**What is needed**
Please copy exactly the lines from the first in the records through the line that contains "<g transform='matrix(1 0 0 1 -128 637)'>", but not the pictures.

Start of Records to use

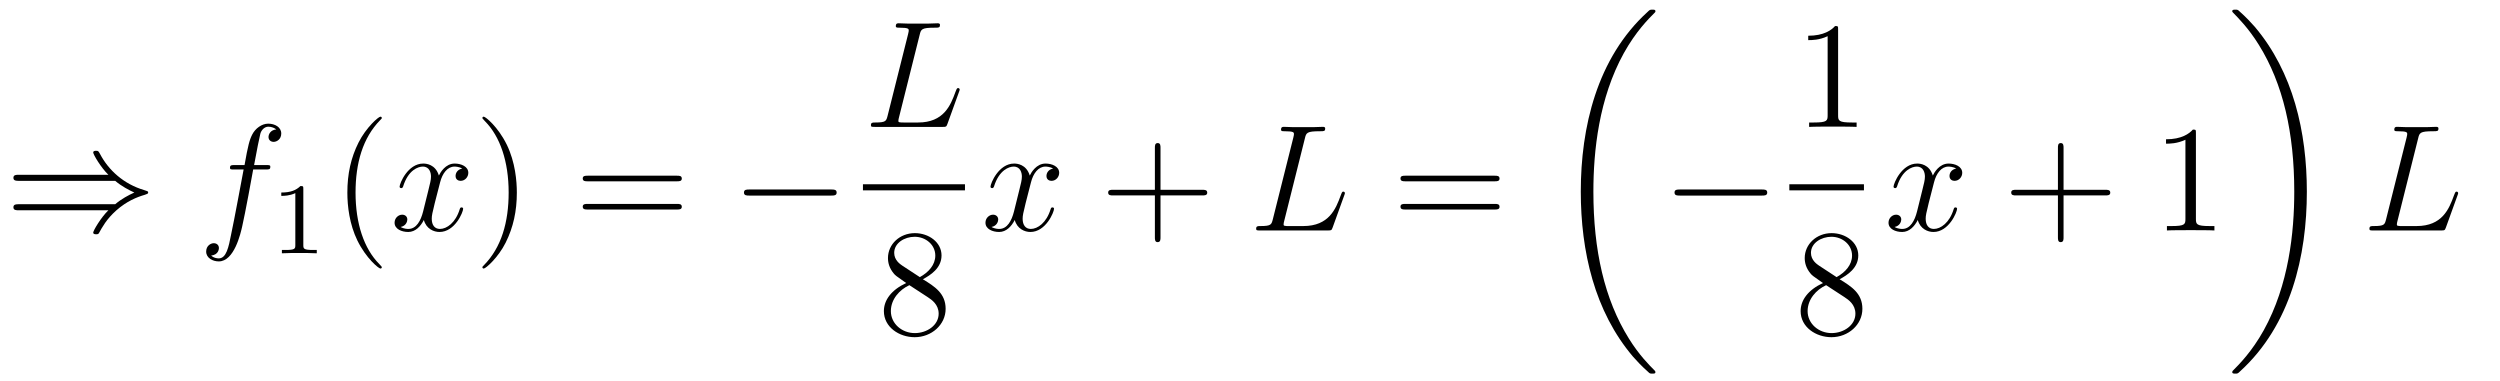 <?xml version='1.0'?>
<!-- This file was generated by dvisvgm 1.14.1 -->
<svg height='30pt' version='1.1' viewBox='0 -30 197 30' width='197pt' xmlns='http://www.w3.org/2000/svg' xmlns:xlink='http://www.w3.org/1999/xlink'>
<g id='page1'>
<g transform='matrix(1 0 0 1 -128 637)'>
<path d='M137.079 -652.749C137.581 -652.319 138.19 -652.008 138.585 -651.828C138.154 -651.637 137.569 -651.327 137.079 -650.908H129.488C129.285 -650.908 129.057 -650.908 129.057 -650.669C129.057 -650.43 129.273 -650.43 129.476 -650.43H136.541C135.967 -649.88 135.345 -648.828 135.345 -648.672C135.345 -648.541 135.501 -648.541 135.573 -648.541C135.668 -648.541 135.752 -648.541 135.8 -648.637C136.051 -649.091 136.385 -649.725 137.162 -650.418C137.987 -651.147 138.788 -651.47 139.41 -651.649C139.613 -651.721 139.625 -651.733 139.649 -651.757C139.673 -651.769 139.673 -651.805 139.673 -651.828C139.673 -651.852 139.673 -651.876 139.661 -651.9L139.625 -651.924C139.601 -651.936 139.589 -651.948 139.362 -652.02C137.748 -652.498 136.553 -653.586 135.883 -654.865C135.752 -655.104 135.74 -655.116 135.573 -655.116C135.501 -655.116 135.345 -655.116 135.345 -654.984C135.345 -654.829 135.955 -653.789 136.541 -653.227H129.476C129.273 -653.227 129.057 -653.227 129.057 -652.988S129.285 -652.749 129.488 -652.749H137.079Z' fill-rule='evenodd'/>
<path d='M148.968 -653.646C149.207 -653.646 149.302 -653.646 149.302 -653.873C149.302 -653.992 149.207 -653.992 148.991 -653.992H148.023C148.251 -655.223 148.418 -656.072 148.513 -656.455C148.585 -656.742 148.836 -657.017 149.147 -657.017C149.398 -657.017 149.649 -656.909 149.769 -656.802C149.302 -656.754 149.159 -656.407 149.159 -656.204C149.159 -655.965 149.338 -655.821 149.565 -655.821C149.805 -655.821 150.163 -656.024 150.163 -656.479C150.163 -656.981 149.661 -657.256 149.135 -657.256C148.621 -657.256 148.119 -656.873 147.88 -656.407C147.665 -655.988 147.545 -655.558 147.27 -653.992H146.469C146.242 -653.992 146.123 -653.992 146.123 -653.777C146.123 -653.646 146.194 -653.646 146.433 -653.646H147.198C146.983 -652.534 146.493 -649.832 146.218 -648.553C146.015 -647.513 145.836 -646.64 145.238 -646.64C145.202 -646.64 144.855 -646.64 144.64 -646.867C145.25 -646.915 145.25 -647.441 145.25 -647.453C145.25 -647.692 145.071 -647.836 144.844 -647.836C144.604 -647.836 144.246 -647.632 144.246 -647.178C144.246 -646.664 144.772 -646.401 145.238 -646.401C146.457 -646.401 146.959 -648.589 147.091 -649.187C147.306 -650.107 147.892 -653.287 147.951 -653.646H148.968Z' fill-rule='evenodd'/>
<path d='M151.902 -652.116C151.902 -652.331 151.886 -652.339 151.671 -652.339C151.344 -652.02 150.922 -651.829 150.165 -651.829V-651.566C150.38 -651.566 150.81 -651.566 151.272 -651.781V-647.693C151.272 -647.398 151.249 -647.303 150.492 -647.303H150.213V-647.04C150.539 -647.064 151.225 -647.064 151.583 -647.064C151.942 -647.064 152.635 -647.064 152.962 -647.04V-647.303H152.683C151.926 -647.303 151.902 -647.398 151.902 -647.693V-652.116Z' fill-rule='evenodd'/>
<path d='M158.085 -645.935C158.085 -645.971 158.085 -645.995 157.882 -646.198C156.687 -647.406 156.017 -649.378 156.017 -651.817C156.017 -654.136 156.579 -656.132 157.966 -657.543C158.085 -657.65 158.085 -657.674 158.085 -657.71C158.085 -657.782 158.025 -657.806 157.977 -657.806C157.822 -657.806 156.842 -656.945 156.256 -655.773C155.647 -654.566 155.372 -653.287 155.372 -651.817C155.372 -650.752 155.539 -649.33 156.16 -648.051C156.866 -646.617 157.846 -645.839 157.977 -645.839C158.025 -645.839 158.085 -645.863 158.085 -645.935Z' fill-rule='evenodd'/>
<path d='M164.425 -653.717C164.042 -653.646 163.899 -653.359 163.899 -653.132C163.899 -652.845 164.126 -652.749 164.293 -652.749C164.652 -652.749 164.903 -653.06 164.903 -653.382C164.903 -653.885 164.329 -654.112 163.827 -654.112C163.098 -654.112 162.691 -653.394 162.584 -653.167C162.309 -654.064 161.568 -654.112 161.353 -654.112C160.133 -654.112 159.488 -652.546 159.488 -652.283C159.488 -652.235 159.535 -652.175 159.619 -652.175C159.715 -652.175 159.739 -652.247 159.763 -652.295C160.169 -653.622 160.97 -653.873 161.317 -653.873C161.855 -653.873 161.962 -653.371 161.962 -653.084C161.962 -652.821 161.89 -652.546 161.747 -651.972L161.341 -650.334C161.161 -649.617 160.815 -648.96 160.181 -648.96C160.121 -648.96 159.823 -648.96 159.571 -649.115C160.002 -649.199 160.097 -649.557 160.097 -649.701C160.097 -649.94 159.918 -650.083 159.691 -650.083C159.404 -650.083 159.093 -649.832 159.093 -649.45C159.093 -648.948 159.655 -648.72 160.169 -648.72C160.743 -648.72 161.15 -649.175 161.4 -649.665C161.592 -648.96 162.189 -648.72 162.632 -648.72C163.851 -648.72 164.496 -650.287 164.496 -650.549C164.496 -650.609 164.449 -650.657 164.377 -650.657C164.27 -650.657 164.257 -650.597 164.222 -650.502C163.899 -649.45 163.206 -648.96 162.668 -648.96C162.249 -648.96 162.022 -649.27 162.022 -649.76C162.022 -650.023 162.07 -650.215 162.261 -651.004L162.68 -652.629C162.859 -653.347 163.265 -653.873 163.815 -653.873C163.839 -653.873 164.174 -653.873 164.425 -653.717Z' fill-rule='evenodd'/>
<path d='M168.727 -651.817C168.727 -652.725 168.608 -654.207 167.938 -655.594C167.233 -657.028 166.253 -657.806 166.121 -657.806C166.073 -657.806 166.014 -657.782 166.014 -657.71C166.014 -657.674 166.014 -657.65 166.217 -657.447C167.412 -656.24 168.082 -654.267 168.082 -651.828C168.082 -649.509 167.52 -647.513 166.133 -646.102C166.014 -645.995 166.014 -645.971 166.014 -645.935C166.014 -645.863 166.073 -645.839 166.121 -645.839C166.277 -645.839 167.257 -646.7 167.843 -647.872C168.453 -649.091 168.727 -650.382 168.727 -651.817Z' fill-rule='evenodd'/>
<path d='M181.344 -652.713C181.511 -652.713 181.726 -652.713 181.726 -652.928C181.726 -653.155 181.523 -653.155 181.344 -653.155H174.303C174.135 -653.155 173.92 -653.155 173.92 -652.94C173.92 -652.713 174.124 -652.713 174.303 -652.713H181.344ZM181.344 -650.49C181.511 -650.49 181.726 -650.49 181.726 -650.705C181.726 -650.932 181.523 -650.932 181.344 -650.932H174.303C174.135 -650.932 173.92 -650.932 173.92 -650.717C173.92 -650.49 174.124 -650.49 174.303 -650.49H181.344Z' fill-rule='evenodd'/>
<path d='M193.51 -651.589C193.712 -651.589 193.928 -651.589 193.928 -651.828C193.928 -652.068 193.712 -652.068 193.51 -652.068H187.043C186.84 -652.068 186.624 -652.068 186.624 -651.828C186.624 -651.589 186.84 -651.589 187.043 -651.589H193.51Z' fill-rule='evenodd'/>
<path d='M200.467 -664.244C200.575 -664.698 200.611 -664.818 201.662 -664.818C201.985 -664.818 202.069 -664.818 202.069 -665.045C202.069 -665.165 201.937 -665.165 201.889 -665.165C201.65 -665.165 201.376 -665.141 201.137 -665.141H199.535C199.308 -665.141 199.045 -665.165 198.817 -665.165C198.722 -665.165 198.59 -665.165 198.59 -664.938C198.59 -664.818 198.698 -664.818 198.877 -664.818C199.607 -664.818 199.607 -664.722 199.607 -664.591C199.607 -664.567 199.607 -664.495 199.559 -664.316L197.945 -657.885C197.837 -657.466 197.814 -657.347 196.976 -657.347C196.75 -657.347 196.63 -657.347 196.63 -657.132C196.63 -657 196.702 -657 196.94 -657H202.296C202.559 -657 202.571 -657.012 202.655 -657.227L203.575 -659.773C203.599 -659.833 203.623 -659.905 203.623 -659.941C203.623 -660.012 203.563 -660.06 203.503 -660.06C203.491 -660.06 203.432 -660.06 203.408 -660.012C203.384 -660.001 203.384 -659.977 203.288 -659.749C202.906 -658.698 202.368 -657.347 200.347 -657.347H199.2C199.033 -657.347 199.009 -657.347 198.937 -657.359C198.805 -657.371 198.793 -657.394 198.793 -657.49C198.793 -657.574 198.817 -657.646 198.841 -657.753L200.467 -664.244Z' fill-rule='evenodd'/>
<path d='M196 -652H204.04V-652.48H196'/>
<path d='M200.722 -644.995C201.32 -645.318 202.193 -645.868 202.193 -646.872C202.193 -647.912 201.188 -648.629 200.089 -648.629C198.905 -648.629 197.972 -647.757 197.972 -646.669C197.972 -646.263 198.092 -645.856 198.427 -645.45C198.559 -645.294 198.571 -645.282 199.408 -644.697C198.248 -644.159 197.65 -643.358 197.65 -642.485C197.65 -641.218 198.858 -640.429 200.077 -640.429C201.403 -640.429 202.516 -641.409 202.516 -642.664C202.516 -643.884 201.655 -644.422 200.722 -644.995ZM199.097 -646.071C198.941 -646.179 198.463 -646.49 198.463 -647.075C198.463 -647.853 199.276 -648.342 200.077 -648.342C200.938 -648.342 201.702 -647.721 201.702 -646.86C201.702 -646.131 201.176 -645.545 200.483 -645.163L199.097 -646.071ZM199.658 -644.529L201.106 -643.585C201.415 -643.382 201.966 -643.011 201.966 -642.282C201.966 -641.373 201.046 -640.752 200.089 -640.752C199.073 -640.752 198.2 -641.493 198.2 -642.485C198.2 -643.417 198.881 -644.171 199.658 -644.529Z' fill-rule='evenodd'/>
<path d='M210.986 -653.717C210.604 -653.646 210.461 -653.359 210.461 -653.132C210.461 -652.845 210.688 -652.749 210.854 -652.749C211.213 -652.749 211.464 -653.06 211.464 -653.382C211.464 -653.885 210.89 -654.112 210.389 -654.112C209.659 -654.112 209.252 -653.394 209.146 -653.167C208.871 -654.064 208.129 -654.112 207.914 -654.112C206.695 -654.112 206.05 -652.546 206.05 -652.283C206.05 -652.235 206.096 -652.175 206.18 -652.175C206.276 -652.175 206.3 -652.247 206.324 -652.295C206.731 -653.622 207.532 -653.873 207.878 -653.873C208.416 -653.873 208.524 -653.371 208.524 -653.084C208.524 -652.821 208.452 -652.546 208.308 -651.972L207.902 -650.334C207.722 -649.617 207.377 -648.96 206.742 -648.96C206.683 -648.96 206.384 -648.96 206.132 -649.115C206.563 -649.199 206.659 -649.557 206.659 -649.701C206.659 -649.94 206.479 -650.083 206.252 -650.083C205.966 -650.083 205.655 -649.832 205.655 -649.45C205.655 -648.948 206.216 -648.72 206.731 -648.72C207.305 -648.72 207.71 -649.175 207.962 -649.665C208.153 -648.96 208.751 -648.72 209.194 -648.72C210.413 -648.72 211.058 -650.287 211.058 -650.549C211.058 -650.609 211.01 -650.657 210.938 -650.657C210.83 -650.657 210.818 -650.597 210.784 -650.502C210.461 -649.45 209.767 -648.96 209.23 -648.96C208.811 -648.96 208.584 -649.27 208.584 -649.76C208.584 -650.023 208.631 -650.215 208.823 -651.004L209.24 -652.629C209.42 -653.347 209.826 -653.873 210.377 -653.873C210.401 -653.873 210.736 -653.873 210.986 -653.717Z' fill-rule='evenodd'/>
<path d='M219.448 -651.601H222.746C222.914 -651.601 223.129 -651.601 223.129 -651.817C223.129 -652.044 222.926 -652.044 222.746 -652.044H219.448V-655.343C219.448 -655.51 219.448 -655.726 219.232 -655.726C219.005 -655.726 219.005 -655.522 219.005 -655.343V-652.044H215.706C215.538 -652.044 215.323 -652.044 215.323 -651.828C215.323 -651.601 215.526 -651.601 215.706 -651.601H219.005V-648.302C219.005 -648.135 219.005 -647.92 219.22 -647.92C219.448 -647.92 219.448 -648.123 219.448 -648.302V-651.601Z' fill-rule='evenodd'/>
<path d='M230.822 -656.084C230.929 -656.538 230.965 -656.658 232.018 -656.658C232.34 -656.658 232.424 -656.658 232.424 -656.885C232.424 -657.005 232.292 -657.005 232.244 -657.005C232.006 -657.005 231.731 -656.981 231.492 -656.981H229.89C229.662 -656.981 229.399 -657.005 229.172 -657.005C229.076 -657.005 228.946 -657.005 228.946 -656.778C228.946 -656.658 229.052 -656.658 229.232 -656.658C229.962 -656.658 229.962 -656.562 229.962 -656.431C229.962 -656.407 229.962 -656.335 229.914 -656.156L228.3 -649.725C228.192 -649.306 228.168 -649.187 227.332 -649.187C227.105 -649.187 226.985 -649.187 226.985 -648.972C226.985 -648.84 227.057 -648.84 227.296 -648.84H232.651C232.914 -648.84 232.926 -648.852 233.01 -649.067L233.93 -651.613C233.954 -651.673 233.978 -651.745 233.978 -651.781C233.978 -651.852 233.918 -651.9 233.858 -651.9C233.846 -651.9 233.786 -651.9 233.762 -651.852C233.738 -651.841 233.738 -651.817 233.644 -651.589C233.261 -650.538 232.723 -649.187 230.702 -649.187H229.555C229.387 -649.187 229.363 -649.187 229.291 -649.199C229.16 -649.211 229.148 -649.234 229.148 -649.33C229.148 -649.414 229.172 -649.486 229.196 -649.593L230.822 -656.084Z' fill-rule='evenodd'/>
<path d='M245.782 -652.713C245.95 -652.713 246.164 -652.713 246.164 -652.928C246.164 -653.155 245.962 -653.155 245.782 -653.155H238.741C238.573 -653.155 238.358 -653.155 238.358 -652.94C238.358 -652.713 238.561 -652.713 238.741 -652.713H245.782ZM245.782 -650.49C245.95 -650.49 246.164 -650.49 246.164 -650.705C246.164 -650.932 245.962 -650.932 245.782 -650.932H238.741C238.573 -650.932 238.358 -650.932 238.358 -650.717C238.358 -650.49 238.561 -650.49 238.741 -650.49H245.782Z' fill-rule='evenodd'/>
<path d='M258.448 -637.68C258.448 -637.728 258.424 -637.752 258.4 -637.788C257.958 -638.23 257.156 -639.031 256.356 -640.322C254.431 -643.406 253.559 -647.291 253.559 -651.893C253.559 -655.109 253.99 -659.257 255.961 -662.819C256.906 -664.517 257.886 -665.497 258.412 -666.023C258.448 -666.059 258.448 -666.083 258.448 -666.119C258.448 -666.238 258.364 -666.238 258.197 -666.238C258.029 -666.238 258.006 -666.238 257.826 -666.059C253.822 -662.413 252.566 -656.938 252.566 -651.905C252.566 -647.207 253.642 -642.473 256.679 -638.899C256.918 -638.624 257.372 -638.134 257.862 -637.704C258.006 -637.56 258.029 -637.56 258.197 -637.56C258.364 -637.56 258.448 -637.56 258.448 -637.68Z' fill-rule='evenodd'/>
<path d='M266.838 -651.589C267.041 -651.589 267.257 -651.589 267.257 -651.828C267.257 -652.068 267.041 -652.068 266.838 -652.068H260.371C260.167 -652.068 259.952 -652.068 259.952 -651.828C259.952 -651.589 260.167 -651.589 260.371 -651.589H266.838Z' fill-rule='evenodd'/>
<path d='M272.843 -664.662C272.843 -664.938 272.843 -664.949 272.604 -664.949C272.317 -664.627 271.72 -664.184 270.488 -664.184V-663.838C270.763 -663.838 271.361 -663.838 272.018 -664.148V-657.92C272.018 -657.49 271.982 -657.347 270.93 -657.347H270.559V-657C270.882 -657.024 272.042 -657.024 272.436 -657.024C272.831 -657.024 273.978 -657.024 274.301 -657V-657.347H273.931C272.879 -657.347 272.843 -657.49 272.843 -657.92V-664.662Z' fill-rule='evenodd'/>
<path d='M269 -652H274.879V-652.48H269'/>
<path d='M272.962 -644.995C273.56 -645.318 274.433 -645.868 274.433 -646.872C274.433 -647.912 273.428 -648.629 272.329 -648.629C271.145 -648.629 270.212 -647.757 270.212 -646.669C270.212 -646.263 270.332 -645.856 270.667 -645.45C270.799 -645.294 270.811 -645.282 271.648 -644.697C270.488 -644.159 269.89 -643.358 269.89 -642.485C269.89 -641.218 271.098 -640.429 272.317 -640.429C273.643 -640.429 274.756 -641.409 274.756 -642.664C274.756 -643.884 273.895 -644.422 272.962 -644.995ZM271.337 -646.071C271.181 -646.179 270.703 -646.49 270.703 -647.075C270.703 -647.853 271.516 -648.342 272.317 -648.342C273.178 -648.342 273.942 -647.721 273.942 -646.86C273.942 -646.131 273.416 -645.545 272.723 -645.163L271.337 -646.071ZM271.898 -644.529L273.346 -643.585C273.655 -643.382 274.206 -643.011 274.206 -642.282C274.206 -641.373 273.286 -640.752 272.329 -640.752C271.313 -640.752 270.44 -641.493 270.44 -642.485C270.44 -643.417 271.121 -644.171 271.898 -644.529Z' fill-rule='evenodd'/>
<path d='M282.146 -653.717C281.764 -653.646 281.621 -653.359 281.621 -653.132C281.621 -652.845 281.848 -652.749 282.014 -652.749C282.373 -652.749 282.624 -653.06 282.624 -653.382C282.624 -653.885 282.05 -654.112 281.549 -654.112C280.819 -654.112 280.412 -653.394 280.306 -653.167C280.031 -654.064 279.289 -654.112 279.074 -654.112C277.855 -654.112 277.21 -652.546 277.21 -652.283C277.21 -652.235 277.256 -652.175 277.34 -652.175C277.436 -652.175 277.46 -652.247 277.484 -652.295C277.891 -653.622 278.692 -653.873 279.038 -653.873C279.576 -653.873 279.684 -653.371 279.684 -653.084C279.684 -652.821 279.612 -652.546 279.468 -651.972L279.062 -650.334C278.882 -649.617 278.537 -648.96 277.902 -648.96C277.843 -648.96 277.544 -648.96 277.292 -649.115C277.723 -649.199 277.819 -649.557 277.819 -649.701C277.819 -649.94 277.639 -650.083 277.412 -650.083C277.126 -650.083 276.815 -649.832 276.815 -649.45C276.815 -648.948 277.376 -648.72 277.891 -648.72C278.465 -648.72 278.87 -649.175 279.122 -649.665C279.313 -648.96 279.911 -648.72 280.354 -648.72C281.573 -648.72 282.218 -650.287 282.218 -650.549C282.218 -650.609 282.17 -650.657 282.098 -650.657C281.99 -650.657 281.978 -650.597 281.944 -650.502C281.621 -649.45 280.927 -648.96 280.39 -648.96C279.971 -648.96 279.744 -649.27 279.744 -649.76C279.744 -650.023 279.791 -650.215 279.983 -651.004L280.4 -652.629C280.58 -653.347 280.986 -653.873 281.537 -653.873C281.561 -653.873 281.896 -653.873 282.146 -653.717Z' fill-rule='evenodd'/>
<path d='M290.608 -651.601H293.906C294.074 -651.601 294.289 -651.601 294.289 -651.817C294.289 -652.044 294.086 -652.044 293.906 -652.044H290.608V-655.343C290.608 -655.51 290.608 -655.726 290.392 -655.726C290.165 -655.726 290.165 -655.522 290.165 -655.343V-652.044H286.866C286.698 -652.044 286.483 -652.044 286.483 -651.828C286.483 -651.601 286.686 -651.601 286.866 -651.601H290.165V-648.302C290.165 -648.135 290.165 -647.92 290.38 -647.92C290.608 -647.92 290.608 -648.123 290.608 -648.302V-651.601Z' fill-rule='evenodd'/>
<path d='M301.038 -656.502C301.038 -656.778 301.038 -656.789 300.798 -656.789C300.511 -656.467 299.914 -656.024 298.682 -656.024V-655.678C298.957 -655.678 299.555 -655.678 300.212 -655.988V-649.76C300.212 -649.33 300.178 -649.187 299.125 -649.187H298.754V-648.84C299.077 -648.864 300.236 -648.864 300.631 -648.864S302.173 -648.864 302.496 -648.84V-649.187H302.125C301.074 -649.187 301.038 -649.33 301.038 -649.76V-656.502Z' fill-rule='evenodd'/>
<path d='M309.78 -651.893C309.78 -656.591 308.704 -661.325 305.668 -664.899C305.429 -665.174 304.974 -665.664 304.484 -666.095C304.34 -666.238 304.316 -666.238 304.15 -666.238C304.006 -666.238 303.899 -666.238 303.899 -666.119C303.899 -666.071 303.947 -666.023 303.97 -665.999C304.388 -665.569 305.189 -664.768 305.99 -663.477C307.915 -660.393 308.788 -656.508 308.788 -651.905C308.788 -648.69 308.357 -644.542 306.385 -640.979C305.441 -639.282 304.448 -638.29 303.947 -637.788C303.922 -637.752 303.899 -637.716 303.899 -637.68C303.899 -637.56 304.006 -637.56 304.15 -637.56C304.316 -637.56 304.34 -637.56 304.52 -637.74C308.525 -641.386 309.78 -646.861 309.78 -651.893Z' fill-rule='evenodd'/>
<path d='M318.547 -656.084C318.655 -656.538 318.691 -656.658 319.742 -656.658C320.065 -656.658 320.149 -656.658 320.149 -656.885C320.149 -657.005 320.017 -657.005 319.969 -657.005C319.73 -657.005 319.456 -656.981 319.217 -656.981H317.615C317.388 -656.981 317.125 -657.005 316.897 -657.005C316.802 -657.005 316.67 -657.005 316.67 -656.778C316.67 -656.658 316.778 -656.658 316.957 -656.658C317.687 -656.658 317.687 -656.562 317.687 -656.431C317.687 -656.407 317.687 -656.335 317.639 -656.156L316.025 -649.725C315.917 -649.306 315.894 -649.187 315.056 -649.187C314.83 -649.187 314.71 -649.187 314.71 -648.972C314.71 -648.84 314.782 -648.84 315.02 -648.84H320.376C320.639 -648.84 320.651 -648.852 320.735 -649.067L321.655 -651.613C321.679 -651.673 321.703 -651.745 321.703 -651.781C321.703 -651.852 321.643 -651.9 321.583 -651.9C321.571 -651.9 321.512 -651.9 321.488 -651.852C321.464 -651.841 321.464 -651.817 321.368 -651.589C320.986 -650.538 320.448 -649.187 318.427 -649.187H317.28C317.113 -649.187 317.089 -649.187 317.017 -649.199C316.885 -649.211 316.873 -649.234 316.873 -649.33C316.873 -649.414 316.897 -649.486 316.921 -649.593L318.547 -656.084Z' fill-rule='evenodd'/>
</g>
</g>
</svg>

End of Records to use

**Written answer**
 <?xml version='1.0'?>
<!-- This file was generated by dvisvgm 1.14.1 -->
<svg height='30pt' version='1.1' viewBox='0 -30 197 30' width='197pt' xmlns='http://www.w3.org/2000/svg' xmlns:xlink='http://www.w3.org/1999/xlink'>
<g id='page1'>
<g transform='matrix(1 0 0 1 -128 637)'>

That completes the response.